1. Field of the Invention
The present invention relate to a system and method for evaluating laser treatment, and more particularly, a system and method for evaluating laser treatment, for converting the attribute of a laser beam and numerically evaluating proficiency of a laser treatment operator by processing data obtained by photographing the converted laser beam so as to use the evaluated data as training data.
2. Description of the Related Art
Today it is been about 20 years since Food and Drug Administration (FDA) has first authorized a clinic laser and an aesthetic laser treatment has been used as an example of successful application of a laser in a medical field.
Korean Patent Publication No. 10-1219682 discloses a representative laser irradiation system for such laser treatment.
For example, in the hair removal field, according to recent statistics of American Society for Aesthetic Plastic Surgery (ASAPS), about 1.2 million treatments have been done on 2012 only in the USA, which has definitely taken first place with treatment frequency of the total beauty field and has taken second place with men.
Laser hair removal has been popular because of demonstrated superiority thereof compared with conventional hair removal in terms of stability and effectiveness as well as enhanced interest of people on beauty.
Laser hair removal is basically based on a principle of ‘selective photodermolysis’. The principle is based on the fact that follicles and surrounding tissues have different heat absorptivities due to difference in their pigments. Accordingly, even if a predetermined affected area is irradiated with a laser beam without aiming at each follicle, only follicles may be selectively destroyed.

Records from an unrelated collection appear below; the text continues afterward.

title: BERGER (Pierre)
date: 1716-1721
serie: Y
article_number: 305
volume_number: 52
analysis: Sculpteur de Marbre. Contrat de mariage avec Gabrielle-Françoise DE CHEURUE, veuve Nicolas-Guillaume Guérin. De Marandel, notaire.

According to a more recent study, the core mechanism of hair removal using light corresponds to a process for transmitting heat generated from follicles to hair stem cells because hair stem cells that are substantially in charge of growth of hair have no pigment and are attached next to follicles. Accordingly, transmission of an appropriate amount of laser energy to an affected area is a very important factor for hair removal.
When accurate selection of laser intensity fails, side effects such as pigment change, blister, or erythema due to the generation of the excessive amount of blood. On the other hand, transmission of the low amount of laser energy may cause problems, and in this case, treatment effect is degraded and hair growth is also facilitated to cause ‘paradoxical hypertrichosis’.

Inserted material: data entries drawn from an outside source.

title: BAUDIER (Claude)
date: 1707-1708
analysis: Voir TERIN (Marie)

In order to reduce these side effects, a significant amount of research has been conducted to select an optimum laser parameter according to skin color and a position of an affected area.
However, even if appropriate laser intensity is selected, if laser spots are not uniformly distributed, the amounts of laser energies that are actually transmitted to an affected area may be locally different. Frequently, nurses have been entrusted with laser treatment or treatment by half-educated non-practitioners has been prevalently done, and even doctors need to be accustomed to various sizes of new equipment and laser irradiators and various laser parameter settings. Accordingly, in consideration of this, there is high risk due to non-uniform laser transmission.
Accordingly, there is a need to develop simple and effective tools for quantitatively analyzing irradiated laser energy to evaluate proficiency of a laser hair removal operator, but research has not been actively conducted into these tools
Most difficulty in manufacturing this system is visualization of an irradiated laser beam.
A hair removal laser uses infrared rays and does not leave prompt vestigium on an irradiation spot.
Recently, a research group has developed a method for calculation of a duplication and omission degree of transmitted energy by analyzing change in heat at a laser irradiation spot using a thermo-graphic camera. However, there are problems in that the thermo-graphic camera is very expensive for daily use and has difficulty in quantitatively recognizing a degree of generated heat when a laser irradiator with a device for cooling an affected area is used or an outdoor temperature is not adjusted because photograph needs to be performed immediately after treatment.
Although other researchers have proposed a visualization method of a laser beam using sensitive paper and a general camera, they observe only a laser profile in one spot in order to recognize irrational characteristics of a laser irradiator.
Although this method is used to recognize proficiency of laser treatment, additional efforts to digitize sensitive paper are required, and it is difficult to reuse the sensitive paper and thus there is a limit for daily use.
Some laser equipments further include a laser installed therein in the form of a laser pointer next to a laser irradiator and emitting lower-power visible rays such that an operator is capable of estimating a position of a laser irradiation p. However, it is difficult to track a process of transmission of a laser beam of total treatment via this method.